Of course, despite such restoration optimism, protecting the remaining old-growth forests is most effective and should have the highest conservation priority. And generalization to other areas is tricky. Huge areas in tropical countries may lack remaining natural forests entirely, or have only small fragments left – vast areas of the lowlands in western Ecuador included, where agriculture prevails. The species pool for forest recovery must come from such forest remnants, and it is obvious that in cleared agricultural landscapes natural regeneration will be much slower if they regenerate at all. This is also true when soils are depleted and land use has been long or too intense. Hoping that such devastated areas can be quickly restored into natural forests can be misleading. Similarly, many regions require active restoration efforts and tree plantings to show a visible success, so the message can be too simple that natural regeneration works as good or even better than active restoration (see also Crouzeilles et al. 2017). In South-East Asia, the most important tree family (dipterocarps) are very poor disperses, strongly hampering natural regeneration (Philipson et al. 2020). Hence, there is always a risk of delivering the wrong message from a simplified scientific insight. However, I do think that we have to face this challenge, be clear but also critical, engaged but sceptic, an put our work in a larger context – otherwise there may be no impact outside our narrow scientific community at all. 

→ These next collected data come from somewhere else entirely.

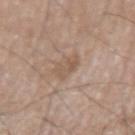Impression: This lesion was catalogued during total-body skin photography and was not selected for biopsy. Image and clinical context: A male patient, in their mid- to late 70s. A roughly 15 mm field-of-view crop from a total-body skin photograph. Located on the left upper arm.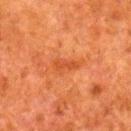illumination: cross-polarized | image-analysis metrics: a lesion area of about 4 mm², a shape eccentricity near 0.95, and a shape-asymmetry score of about 0.35 (0 = symmetric); a mean CIELAB color near L≈42 a*≈30 b*≈38, about 7 CIELAB-L* units darker than the surrounding skin, and a lesion-to-skin contrast of about 5.5 (normalized; higher = more distinct); border irregularity of about 4 on a 0–10 scale, a color-variation rating of about 1.5/10, and radial color variation of about 0.5 | site: the right lower leg | acquisition: ~15 mm tile from a whole-body skin photo | lesion diameter: about 3.5 mm | patient: male, aged around 80.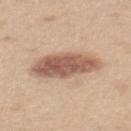follow-up: total-body-photography surveillance lesion; no biopsy
lighting: white-light illumination
TBP lesion metrics: a mean CIELAB color near L≈57 a*≈20 b*≈28, about 15 CIELAB-L* units darker than the surrounding skin, and a normalized lesion–skin contrast near 9.5
lesion diameter: ≈7 mm
acquisition: 15 mm crop, total-body photography
anatomic site: the back
subject: female, in their mid- to late 40s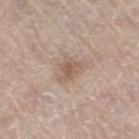Located on the leg.
A 15 mm crop from a total-body photograph taken for skin-cancer surveillance.
The tile uses white-light illumination.
Approximately 3 mm at its widest.
The subject is a female aged around 60.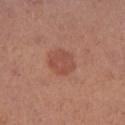biopsy status = catalogued during a skin exam; not biopsied
illumination = white-light
subject = female, roughly 40 years of age
location = the right lower leg
acquisition = ~15 mm crop, total-body skin-cancer survey
TBP lesion metrics = a border-irregularity rating of about 2/10 and radial color variation of about 0.5; a nevus-likeness score of about 65/100
diameter = ≈3.5 mm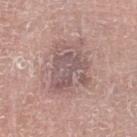The lesion was tiled from a total-body skin photograph and was not biopsied. Approximately 5.5 mm at its widest. The patient is a male aged 73–77. The lesion is located on the left lower leg. Cropped from a whole-body photographic skin survey; the tile spans about 15 mm. Automated tile analysis of the lesion measured a footprint of about 17 mm², an eccentricity of roughly 0.6, and a shape-asymmetry score of about 0.4 (0 = symmetric). It also reported a mean CIELAB color near L≈55 a*≈17 b*≈19, about 9 CIELAB-L* units darker than the surrounding skin, and a normalized lesion–skin contrast near 6.5. And it measured border irregularity of about 5.5 on a 0–10 scale, a color-variation rating of about 4.5/10, and radial color variation of about 1.5. It also reported an automated nevus-likeness rating near 0 out of 100 and a detector confidence of about 100 out of 100 that the crop contains a lesion.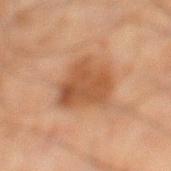No biopsy was performed on this lesion — it was imaged during a full skin examination and was not determined to be concerning. A lesion tile, about 15 mm wide, cut from a 3D total-body photograph. The total-body-photography lesion software estimated a shape eccentricity near 0.65 and a symmetry-axis asymmetry near 0.25. It also reported an average lesion color of about L≈43 a*≈19 b*≈30 (CIELAB). A male subject aged around 45. The lesion's longest dimension is about 6 mm. Captured under cross-polarized illumination. Located on the left lower leg.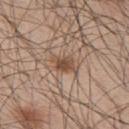- follow-up — no biopsy performed (imaged during a skin exam)
- lighting — white-light
- lesion diameter — ≈3.5 mm
- image source — total-body-photography crop, ~15 mm field of view
- subject — male, in their mid-40s
- location — the upper back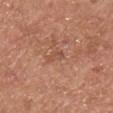Notes:
– follow-up — catalogued during a skin exam; not biopsied
– lesion size — ~2.5 mm (longest diameter)
– image source — 15 mm crop, total-body photography
– illumination — white-light illumination
– anatomic site — the chest
– patient — male, approximately 75 years of age
– TBP lesion metrics — an eccentricity of roughly 0.9 and a shape-asymmetry score of about 0.45 (0 = symmetric)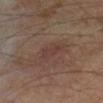* notes · no biopsy performed (imaged during a skin exam)
* anatomic site · the right lower leg
* subject · male, aged 63 to 67
* imaging modality · total-body-photography crop, ~15 mm field of view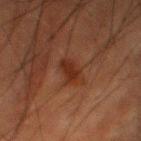biopsy status: catalogued during a skin exam; not biopsied | image: ~15 mm crop, total-body skin-cancer survey | tile lighting: cross-polarized | subject: male, aged approximately 50 | TBP lesion metrics: a lesion area of about 5.5 mm², a shape eccentricity near 0.65, and two-axis asymmetry of about 0.25; a color-variation rating of about 1.5/10 and a peripheral color-asymmetry measure near 0.5; a classifier nevus-likeness of about 15/100 and a lesion-detection confidence of about 100/100 | body site: the left lower leg | lesion diameter: ~3 mm (longest diameter).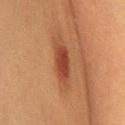lesion diameter: about 6 mm
image-analysis metrics: an area of roughly 10 mm² and an eccentricity of roughly 0.95; a mean CIELAB color near L≈37 a*≈22 b*≈29 and roughly 9 lightness units darker than nearby skin; an automated nevus-likeness rating near 100 out of 100
patient: female, aged approximately 55
lighting: cross-polarized illumination
location: the chest
acquisition: 15 mm crop, total-body photography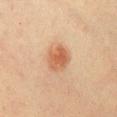follow-up=imaged on a skin check; not biopsied
patient=female, aged around 45
acquisition=~15 mm tile from a whole-body skin photo
site=the chest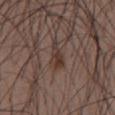biopsy status: total-body-photography surveillance lesion; no biopsy
illumination: white-light
lesion size: ~3.5 mm (longest diameter)
patient: male, aged 38 to 42
location: the chest
image: ~15 mm tile from a whole-body skin photo
TBP lesion metrics: a footprint of about 4.5 mm², a shape eccentricity near 0.85, and a shape-asymmetry score of about 0.45 (0 = symmetric); a lesion color around L≈35 a*≈16 b*≈22 in CIELAB and a lesion–skin lightness drop of about 8; a border-irregularity rating of about 5/10, internal color variation of about 3 on a 0–10 scale, and radial color variation of about 1; a nevus-likeness score of about 55/100 and a detector confidence of about 95 out of 100 that the crop contains a lesion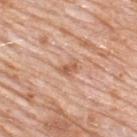Case summary:
• follow-up: catalogued during a skin exam; not biopsied
• TBP lesion metrics: an average lesion color of about L≈60 a*≈23 b*≈33 (CIELAB), about 10 CIELAB-L* units darker than the surrounding skin, and a lesion-to-skin contrast of about 6.5 (normalized; higher = more distinct); border irregularity of about 3.5 on a 0–10 scale, internal color variation of about 2.5 on a 0–10 scale, and a peripheral color-asymmetry measure near 1; an automated nevus-likeness rating near 0 out of 100 and a lesion-detection confidence of about 100/100
• patient: male, roughly 80 years of age
• site: the upper back
• lighting: white-light illumination
• image: ~15 mm tile from a whole-body skin photo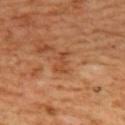| feature | finding |
|---|---|
| notes | catalogued during a skin exam; not biopsied |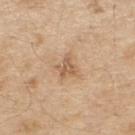Part of a total-body skin-imaging series; this lesion was reviewed on a skin check and was not flagged for biopsy. A male patient roughly 70 years of age. A region of skin cropped from a whole-body photographic capture, roughly 15 mm wide. From the back. The recorded lesion diameter is about 2.5 mm. The tile uses white-light illumination.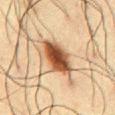follow-up = catalogued during a skin exam; not biopsied | site = the abdomen | lesion diameter = ≈5 mm | image source = 15 mm crop, total-body photography | subject = male, in their 60s.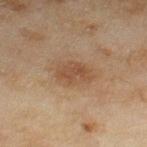Recorded during total-body skin imaging; not selected for excision or biopsy.
The patient is a female in their 60s.
The lesion-visualizer software estimated an eccentricity of roughly 0.8 and a symmetry-axis asymmetry near 0.2. And it measured a nevus-likeness score of about 55/100 and a lesion-detection confidence of about 100/100.
The recorded lesion diameter is about 4 mm.
From the right thigh.
Captured under cross-polarized illumination.
Cropped from a whole-body photographic skin survey; the tile spans about 15 mm.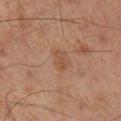{
  "biopsy_status": "not biopsied; imaged during a skin examination",
  "image": {
    "source": "total-body photography crop",
    "field_of_view_mm": 15
  },
  "automated_metrics": {
    "border_irregularity_0_10": 3.0,
    "color_variation_0_10": 1.5,
    "peripheral_color_asymmetry": 0.5
  },
  "site": "leg",
  "patient": {
    "sex": "male",
    "age_approx": 65
  }
}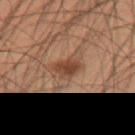Imaged during a routine full-body skin examination; the lesion was not biopsied and no histopathology is available. This is a cross-polarized tile. Cropped from a whole-body photographic skin survey; the tile spans about 15 mm. A male subject aged 53 to 57. Longest diameter approximately 3 mm. Automated image analysis of the tile measured an average lesion color of about L≈34 a*≈18 b*≈25 (CIELAB). The lesion is located on the right thigh.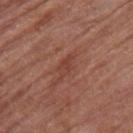| field | value |
|---|---|
| notes | catalogued during a skin exam; not biopsied |
| patient | female, aged approximately 80 |
| location | the right thigh |
| acquisition | ~15 mm tile from a whole-body skin photo |
| illumination | white-light |
| lesion diameter | about 3 mm |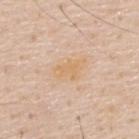biopsy_status: not biopsied; imaged during a skin examination
image:
  source: total-body photography crop
  field_of_view_mm: 15
lesion_size:
  long_diameter_mm_approx: 4.0
patient:
  sex: male
  age_approx: 60
site: back
lighting: white-light

Effective communication and political solutions need both, exposed visionaries and pedantic experts in their specific disciplines. It needs prominent faces, fund raisers as well as researchers and workers in the field. Most of us scientists are doing communication as a “hobby”, risk mistakes as we cannot be expected to be perfect. And there are many ways to contribute to a better society. Communication is key if we want to make an impact.

–> Feel free to share your thoughts, comments, support or contradiction below.


*) If I may add a personal view here: I think a global goal of restoring ecosystems on 0.9 million ha with 1 trillion trees outside the current agricultural and urbanized areas is even too modest and underestimates the global potential. Cities, urban areas and settlements deserve a much higher tree density. Biofuel should not waste huge land areas – instead it should be produced as a by-product of organic waste only. Most importantly, however, we can easily restore nature from agricultural land without even compromising our nutrition: about one third of the Earth’s land area (i.e. an area of North and South America combined!) can be given back to nature, if we reduce our meat and dairy consumption per person and replace it by a more effective and land-saving plant-based diet. That’s the land area we currently use for raising livestock (UBA) – cows, pigs and chicken which already exceed the biomass of all wild mammals and birds together on our planet by a factor of >10 (Bar-On et al. 2018). And and we can still feed the same human population! This seems to be the simplest and most realistic way for our vision to allocate a third ( or even half of the planet for nature ( The area gained increases proportionally with the shift in our diets, so we do not need to become 100% vegetarians or vegans. The newly gained green area for forest and other ecosystems has all environmental benefits: no carbon and methane emissions rather than long-term carbon fixation, no pesticides, antibiotics and fertilizer, but natural vegetation that can maintain a huge biodiversity. Of course, if we reduce meat in our diet by one-half or more, this would greatly increase our health, too – less fat, cholesterol, bacterial or viral risks and other by-products of mass farming. This is a clear win-win solution, very simple, very cheap, and has a huge impact on the environment. But we do have to overcome our personal resistance, convention and comfort and work towards a a more radical transformation of our society.